O filme não foi planejado como socialmente agudo. No início, apenas queríamos que fosse uma história de duas pessoas passando por um divórcio, mas, ainda morando juntas. Então, eles lutam e fazem as pazes lá. No início, queríamos que fosse uma comédia romântica, mas depois decidimos que ambos os personagens deveriam ser médicos, o que causou uma mudança no gênero do roteiro. Estávamos procurando materiais relacionados na internet, lendo vários fóruns profissionais, assistindo a vídeos do YouTube.
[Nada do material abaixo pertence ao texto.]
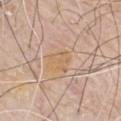Notes:
- biopsy status: no biopsy performed (imaged during a skin exam)
- diameter: about 3 mm
- acquisition: ~15 mm crop, total-body skin-cancer survey
- tile lighting: white-light illumination
- anatomic site: the front of the torso
- patient: male, aged 78 to 82
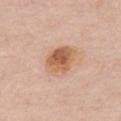Recorded during total-body skin imaging; not selected for excision or biopsy. A roughly 15 mm field-of-view crop from a total-body skin photograph. The tile uses white-light illumination. A male patient, approximately 75 years of age. From the chest. An algorithmic analysis of the crop reported an average lesion color of about L≈61 a*≈21 b*≈34 (CIELAB), roughly 11 lightness units darker than nearby skin, and a normalized lesion–skin contrast near 8.5.
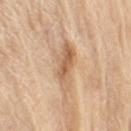Notes:
- workup · imaged on a skin check; not biopsied
- tile lighting · white-light illumination
- image source · 15 mm crop, total-body photography
- subject · male, in their 70s
- site · the right upper arm
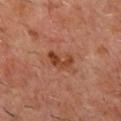Assessment:
This lesion was catalogued during total-body skin photography and was not selected for biopsy.
Background:
Approximately 3 mm at its widest. The patient is a male in their 60s. Located on the front of the torso. Cropped from a whole-body photographic skin survey; the tile spans about 15 mm. This is a cross-polarized tile. The lesion-visualizer software estimated an eccentricity of roughly 0.75 and a symmetry-axis asymmetry near 0.35. And it measured about 9 CIELAB-L* units darker than the surrounding skin and a lesion-to-skin contrast of about 8 (normalized; higher = more distinct). It also reported a border-irregularity index near 3.5/10, a color-variation rating of about 5/10, and a peripheral color-asymmetry measure near 2. And it measured a classifier nevus-likeness of about 35/100.
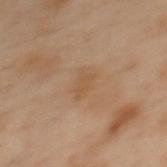This lesion was catalogued during total-body skin photography and was not selected for biopsy.
A region of skin cropped from a whole-body photographic capture, roughly 15 mm wide.
About 3 mm across.
Imaged with cross-polarized lighting.
A female patient, aged 53 to 57.
The lesion is located on the upper back.
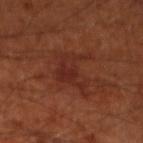An algorithmic analysis of the crop reported a footprint of about 9 mm², an outline eccentricity of about 0.6 (0 = round, 1 = elongated), and a symmetry-axis asymmetry near 0.55. It also reported a border-irregularity rating of about 9/10, a within-lesion color-variation index near 3.5/10, and a peripheral color-asymmetry measure near 1. It also reported an automated nevus-likeness rating near 0 out of 100 and a lesion-detection confidence of about 100/100. Cropped from a whole-body photographic skin survey; the tile spans about 15 mm. The lesion is on the left lower leg. The recorded lesion diameter is about 4.5 mm. A male patient, aged approximately 70.
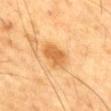notes: imaged on a skin check; not biopsied | imaging modality: 15 mm crop, total-body photography | patient: male, aged approximately 85 or older | size: ≈3.5 mm | body site: the chest | automated metrics: a footprint of about 7 mm², a shape eccentricity near 0.7, and a symmetry-axis asymmetry near 0.2.
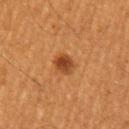Imaged during a routine full-body skin examination; the lesion was not biopsied and no histopathology is available. A 15 mm crop from a total-body photograph taken for skin-cancer surveillance. On the arm. A male subject aged 58 to 62.
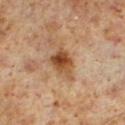Imaged during a routine full-body skin examination; the lesion was not biopsied and no histopathology is available. A male patient about 60 years old. Automated image analysis of the tile measured a footprint of about 8.5 mm², an eccentricity of roughly 0.75, and a symmetry-axis asymmetry near 0.35. And it measured an automated nevus-likeness rating near 90 out of 100 and lesion-presence confidence of about 100/100. The lesion's longest dimension is about 4.5 mm. A 15 mm close-up extracted from a 3D total-body photography capture. The lesion is located on the leg.
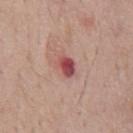This lesion was catalogued during total-body skin photography and was not selected for biopsy. The lesion's longest dimension is about 3 mm. A close-up tile cropped from a whole-body skin photograph, about 15 mm across. A male subject, approximately 70 years of age. The lesion is on the chest. Captured under white-light illumination.
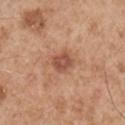Clinical impression:
The lesion was photographed on a routine skin check and not biopsied; there is no pathology result.
Background:
From the right upper arm. Captured under white-light illumination. The patient is a male roughly 55 years of age. A 15 mm crop from a total-body photograph taken for skin-cancer surveillance. Automated image analysis of the tile measured border irregularity of about 2 on a 0–10 scale, a within-lesion color-variation index near 2.5/10, and radial color variation of about 1. It also reported a nevus-likeness score of about 65/100.
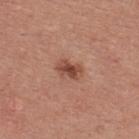| feature | finding |
|---|---|
| follow-up | total-body-photography surveillance lesion; no biopsy |
| patient | male, aged approximately 40 |
| site | the back |
| acquisition | 15 mm crop, total-body photography |
| TBP lesion metrics | about 11 CIELAB-L* units darker than the surrounding skin and a normalized border contrast of about 8.5; a border-irregularity index near 2.5/10 and peripheral color asymmetry of about 1 |
| lesion diameter | ~3 mm (longest diameter) |
| tile lighting | white-light illumination |
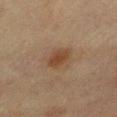Captured during whole-body skin photography for melanoma surveillance; the lesion was not biopsied. The lesion is located on the front of the torso. The lesion-visualizer software estimated an eccentricity of roughly 0.75 and two-axis asymmetry of about 0.2. And it measured a lesion color around L≈37 a*≈16 b*≈27 in CIELAB and a normalized border contrast of about 7.5. And it measured an automated nevus-likeness rating near 90 out of 100 and lesion-presence confidence of about 100/100. The tile uses cross-polarized illumination. A female subject, aged approximately 65. A roughly 15 mm field-of-view crop from a total-body skin photograph. Measured at roughly 3.5 mm in maximum diameter.
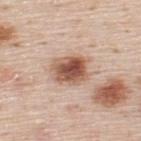biopsy status=total-body-photography surveillance lesion; no biopsy
tile lighting=white-light illumination
location=the upper back
lesion diameter=≈4.5 mm
subject=male, roughly 45 years of age
TBP lesion metrics=a shape eccentricity near 0.65; a lesion color around L≈56 a*≈21 b*≈29 in CIELAB and a normalized lesion–skin contrast near 10.5; a border-irregularity index near 2/10 and a within-lesion color-variation index near 8/10
imaging modality=15 mm crop, total-body photography
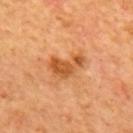Notes:
* biopsy status: imaged on a skin check; not biopsied
* automated metrics: a lesion area of about 8 mm² and an eccentricity of roughly 0.85; a mean CIELAB color near L≈55 a*≈28 b*≈45 and a normalized lesion–skin contrast near 8.5; a border-irregularity index near 6/10; an automated nevus-likeness rating near 25 out of 100 and lesion-presence confidence of about 100/100
* lighting: cross-polarized
* image: 15 mm crop, total-body photography
* lesion size: ≈4.5 mm
* site: the upper back
* subject: male, aged 63–67
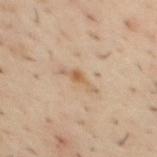Part of a total-body skin-imaging series; this lesion was reviewed on a skin check and was not flagged for biopsy.
A 15 mm crop from a total-body photograph taken for skin-cancer surveillance.
The lesion is on the back.
A male subject, aged around 40.
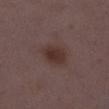Recorded during total-body skin imaging; not selected for excision or biopsy.
This is a white-light tile.
A roughly 15 mm field-of-view crop from a total-body skin photograph.
The lesion-visualizer software estimated a lesion color around L≈33 a*≈16 b*≈19 in CIELAB, roughly 7 lightness units darker than nearby skin, and a normalized border contrast of about 8. The software also gave a border-irregularity rating of about 2/10, a within-lesion color-variation index near 3/10, and peripheral color asymmetry of about 1. The analysis additionally found a nevus-likeness score of about 95/100 and lesion-presence confidence of about 100/100.
A female patient aged approximately 30.
Measured at roughly 4 mm in maximum diameter.
On the right lower leg.
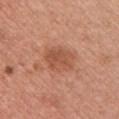Imaged during a routine full-body skin examination; the lesion was not biopsied and no histopathology is available.
The lesion's longest dimension is about 4 mm.
Automated image analysis of the tile measured a shape eccentricity near 0.7 and a shape-asymmetry score of about 0.2 (0 = symmetric).
A female subject, aged approximately 40.
A 15 mm close-up extracted from a 3D total-body photography capture.
The lesion is on the left upper arm.
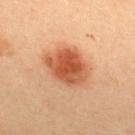follow-up = imaged on a skin check; not biopsied
automated metrics = an automated nevus-likeness rating near 100 out of 100 and a lesion-detection confidence of about 100/100
anatomic site = the upper back
patient = female, aged approximately 35
lighting = cross-polarized
diameter = ~5.5 mm (longest diameter)
imaging modality = total-body-photography crop, ~15 mm field of view
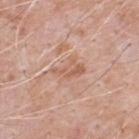<case>
<biopsy_status>not biopsied; imaged during a skin examination</biopsy_status>
<patient>
  <sex>male</sex>
  <age_approx>50</age_approx>
</patient>
<image>
  <source>total-body photography crop</source>
  <field_of_view_mm>15</field_of_view_mm>
</image>
<site>upper back</site>
</case>
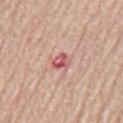Imaged during a routine full-body skin examination; the lesion was not biopsied and no histopathology is available. A roughly 15 mm field-of-view crop from a total-body skin photograph. On the chest. About 2.5 mm across. Automated tile analysis of the lesion measured a color-variation rating of about 7.5/10 and radial color variation of about 3. The patient is a male aged approximately 80.
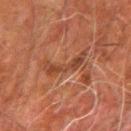From the right forearm. The subject is a male aged approximately 80. A 15 mm crop from a total-body photograph taken for skin-cancer surveillance. The lesion's longest dimension is about 4.5 mm. Imaged with cross-polarized lighting.
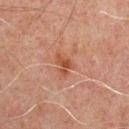Part of a total-body skin-imaging series; this lesion was reviewed on a skin check and was not flagged for biopsy.
Longest diameter approximately 3 mm.
A male patient aged around 60.
A close-up tile cropped from a whole-body skin photograph, about 15 mm across.
This is a cross-polarized tile.
The lesion is located on the chest.
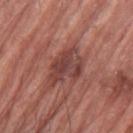Findings:
– image · ~15 mm crop, total-body skin-cancer survey
– illumination · white-light
– anatomic site · the left forearm
– subject · male, aged 68–72
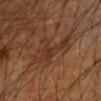- workup — catalogued during a skin exam; not biopsied
- automated lesion analysis — a lesion area of about 14 mm², an eccentricity of roughly 0.85, and a symmetry-axis asymmetry near 0.55
- subject — male, aged around 60
- acquisition — 15 mm crop, total-body photography
- location — the left forearm
- diameter — ≈6.5 mm
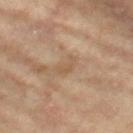notes=total-body-photography surveillance lesion; no biopsy
lesion size=about 2.5 mm
illumination=cross-polarized illumination
imaging modality=15 mm crop, total-body photography
site=the left thigh
patient=female, about 75 years old
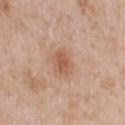<lesion>
<biopsy_status>not biopsied; imaged during a skin examination</biopsy_status>
<site>back</site>
<image>
  <source>total-body photography crop</source>
  <field_of_view_mm>15</field_of_view_mm>
</image>
<patient>
  <sex>male</sex>
  <age_approx>40</age_approx>
</patient>
<lesion_size>
  <long_diameter_mm_approx>3.5</long_diameter_mm_approx>
</lesion_size>
</lesion>
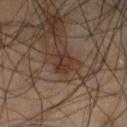No biopsy was performed on this lesion — it was imaged during a full skin examination and was not determined to be concerning.
On the left lower leg.
A male patient aged approximately 40.
Captured under cross-polarized illumination.
Cropped from a whole-body photographic skin survey; the tile spans about 15 mm.
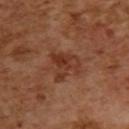biopsy status — imaged on a skin check; not biopsied
location — the upper back
lighting — cross-polarized
subject — female, aged approximately 55
automated lesion analysis — a lesion color around L≈37 a*≈24 b*≈31 in CIELAB, about 8 CIELAB-L* units darker than the surrounding skin, and a lesion-to-skin contrast of about 7 (normalized; higher = more distinct); a classifier nevus-likeness of about 5/100 and a detector confidence of about 100 out of 100 that the crop contains a lesion
image — total-body-photography crop, ~15 mm field of view
lesion diameter — ≈4 mm
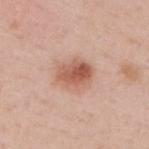Q: Lesion size?
A: ~4 mm (longest diameter)
Q: Automated lesion metrics?
A: an eccentricity of roughly 0.65 and two-axis asymmetry of about 0.15; a lesion color around L≈59 a*≈23 b*≈30 in CIELAB and a lesion–skin lightness drop of about 12
Q: What kind of image is this?
A: ~15 mm tile from a whole-body skin photo
Q: What lighting was used for the tile?
A: white-light
Q: Patient demographics?
A: male, aged around 50
Q: Lesion location?
A: the upper back
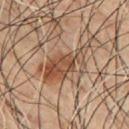{"biopsy_status": "not biopsied; imaged during a skin examination", "lesion_size": {"long_diameter_mm_approx": 7.0}, "lighting": "cross-polarized", "automated_metrics": {"color_variation_0_10": 5.5, "nevus_likeness_0_100": 90}, "image": {"source": "total-body photography crop", "field_of_view_mm": 15}, "patient": {"sex": "male", "age_approx": 50}, "site": "chest"}
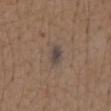workup: total-body-photography surveillance lesion; no biopsy | size: ~2.5 mm (longest diameter) | body site: the front of the torso | image-analysis metrics: an average lesion color of about L≈43 a*≈10 b*≈19 (CIELAB) and a lesion–skin lightness drop of about 8; a color-variation rating of about 3/10 and radial color variation of about 1; an automated nevus-likeness rating near 5 out of 100 and a detector confidence of about 100 out of 100 that the crop contains a lesion | patient: male, in their mid- to late 70s | image: total-body-photography crop, ~15 mm field of view | lighting: white-light.
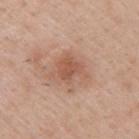The lesion was photographed on a routine skin check and not biopsied; there is no pathology result. On the right upper arm. A male patient aged 38–42. Cropped from a whole-body photographic skin survey; the tile spans about 15 mm.
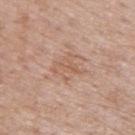Q: Was this lesion biopsied?
A: catalogued during a skin exam; not biopsied
Q: How was this image acquired?
A: ~15 mm crop, total-body skin-cancer survey
Q: How large is the lesion?
A: about 4 mm
Q: Illumination type?
A: white-light
Q: What is the anatomic site?
A: the upper back
Q: What are the patient's age and sex?
A: male, in their 70s
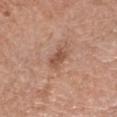Impression:
Part of a total-body skin-imaging series; this lesion was reviewed on a skin check and was not flagged for biopsy.
Context:
A male patient, in their mid- to late 60s. Cropped from a whole-body photographic skin survey; the tile spans about 15 mm. The tile uses white-light illumination. The total-body-photography lesion software estimated a lesion color around L≈52 a*≈22 b*≈29 in CIELAB, roughly 10 lightness units darker than nearby skin, and a normalized lesion–skin contrast near 7. The software also gave a color-variation rating of about 2/10. Approximately 2.5 mm at its widest. Located on the head or neck.
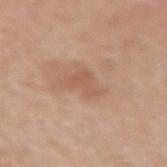Findings:
- follow-up — catalogued during a skin exam; not biopsied
- site — the left forearm
- lesion size — ≈3.5 mm
- subject — female, approximately 65 years of age
- image-analysis metrics — border irregularity of about 5.5 on a 0–10 scale, internal color variation of about 1 on a 0–10 scale, and peripheral color asymmetry of about 0.5; an automated nevus-likeness rating near 0 out of 100 and a detector confidence of about 100 out of 100 that the crop contains a lesion
- lighting — white-light illumination
- imaging modality — total-body-photography crop, ~15 mm field of view
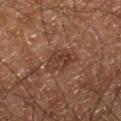Assessment: The lesion was photographed on a routine skin check and not biopsied; there is no pathology result. Clinical summary: On the leg. Measured at roughly 4 mm in maximum diameter. An algorithmic analysis of the crop reported a shape eccentricity near 0.8 and two-axis asymmetry of about 0.2. The software also gave a border-irregularity index near 2.5/10 and internal color variation of about 4 on a 0–10 scale. And it measured a classifier nevus-likeness of about 5/100 and a lesion-detection confidence of about 95/100. A close-up tile cropped from a whole-body skin photograph, about 15 mm across. A male patient, aged 58–62.
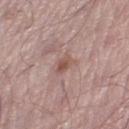| feature | finding |
|---|---|
| notes | catalogued during a skin exam; not biopsied |
| patient | male, roughly 55 years of age |
| lighting | white-light |
| diameter | ~2.5 mm (longest diameter) |
| body site | the left lower leg |
| image-analysis metrics | a footprint of about 3 mm² and a symmetry-axis asymmetry near 0.25; an automated nevus-likeness rating near 5 out of 100 and a lesion-detection confidence of about 100/100 |
| imaging modality | ~15 mm crop, total-body skin-cancer survey |
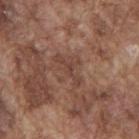Assessment: This lesion was catalogued during total-body skin photography and was not selected for biopsy. Acquisition and patient details: The lesion is on the mid back. Automated image analysis of the tile measured a footprint of about 4.5 mm², an outline eccentricity of about 0.9 (0 = round, 1 = elongated), and two-axis asymmetry of about 0.55. The software also gave a mean CIELAB color near L≈42 a*≈20 b*≈25, about 7 CIELAB-L* units darker than the surrounding skin, and a lesion-to-skin contrast of about 5.5 (normalized; higher = more distinct). Captured under white-light illumination. The lesion's longest dimension is about 4.5 mm. A male subject about 75 years old. A 15 mm close-up tile from a total-body photography series done for melanoma screening.
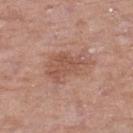<lesion>
  <biopsy_status>not biopsied; imaged during a skin examination</biopsy_status>
  <image>
    <source>total-body photography crop</source>
    <field_of_view_mm>15</field_of_view_mm>
  </image>
  <lighting>white-light</lighting>
  <automated_metrics>
    <border_irregularity_0_10>4.0</border_irregularity_0_10>
    <color_variation_0_10>2.5</color_variation_0_10>
    <peripheral_color_asymmetry>1.0</peripheral_color_asymmetry>
    <nevus_likeness_0_100>0</nevus_likeness_0_100>
    <lesion_detection_confidence_0_100>100</lesion_detection_confidence_0_100>
  </automated_metrics>
  <site>left lower leg</site>
  <lesion_size>
    <long_diameter_mm_approx>5.0</long_diameter_mm_approx>
  </lesion_size>
  <patient>
    <sex>female</sex>
    <age_approx>75</age_approx>
  </patient>
</lesion>
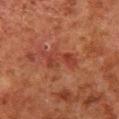Imaged during a routine full-body skin examination; the lesion was not biopsied and no histopathology is available. The lesion is on the right lower leg. This image is a 15 mm lesion crop taken from a total-body photograph. The patient is a male aged approximately 80.

A propósito, foi ali que descobrimos a série documental chamada The Ambulance. Ela foi filmada em Ekaterinburg e tem dezenas de episódios. Basicamente, cada parte é um documentário sobre determinada chamada de emergência, quando os cinegrafistas locais apenas seguem a equipe médica em seus trabalhos. Também conhecemos pessoalmente dois médicos de emergência, um da cidade de Yuliyanovsk e o outro de Moscou. Mais tarde, nosso produtor executivo também nos encontrou um médico para servir de consultor. Então, conseguimos ter um grupo bem grande de correspondentes. Nós simplesmente não podíamos ignorar a realidade de suas vidas e a verdade sobre nossa reforma médica. Não podíamos nos dar ao luxo de evitar isso. Porque tem um efeito forte nessas pessoas, a cada dia, a cada minuto.

 

Tanto em Arritmia quanto em O Coração do Mundo você olha para um universo masculino em ebulição e propenso ao declínio. De onde vem esse seu desejo de expressar-se a partir de uma perspectiva masculina?
Apenas foi assim que aconteceu. Meu filme de estreia, The Mill Hope, era sobre uma mulher. Em Arritmia o personagem principal é homem. Acho que foi fácil retratá-lo porque entendo bem como uma pessoa pode se identificar tanto com sua profissão ao ponto dela se tornar parte de sua personalidade. Já quanto a O Coração do Mundo, o motivo da história ser contada de uma perspectiva masculina foi que escrevi o roteiro junto com o ator principal, Stepan Devonin. Mas, não quero que seja apenas algo do tipo “visão masculina vs feminina”. Se você tiver a chance de ler Três Minutos de Silêncio, novo roteiro que estou co-escrevendo com Boris Khlebnikov, não tem nenhuma personagem feminina. É uma história de dois calouros que entram num barco de pesca, onde todos vivem como uma máfia de piratas. Foi muito emocionante escrever, pensar e tentar entender o mundo desses homens trancados num pequeno espaço com 15 outros homens. E, pode ser, quando você começa a analisar novamente, como e por que ela escreve sobre os homens? Qual é a razão? Não há razão. Meu próximo roteiro de longa-metragem será sobre o universo feminino. E assim por diante. Enfim, é trabalho dos críticos analisar essas coisas. A propósito, atualmente estou trabalhando em vários projetos sobre juventude. E daí? Todo mundo vai perguntar por que Meshchaninova se voltou para esse tópico? É apenas o caminho. Aconteceu. Simplesmente me interessei.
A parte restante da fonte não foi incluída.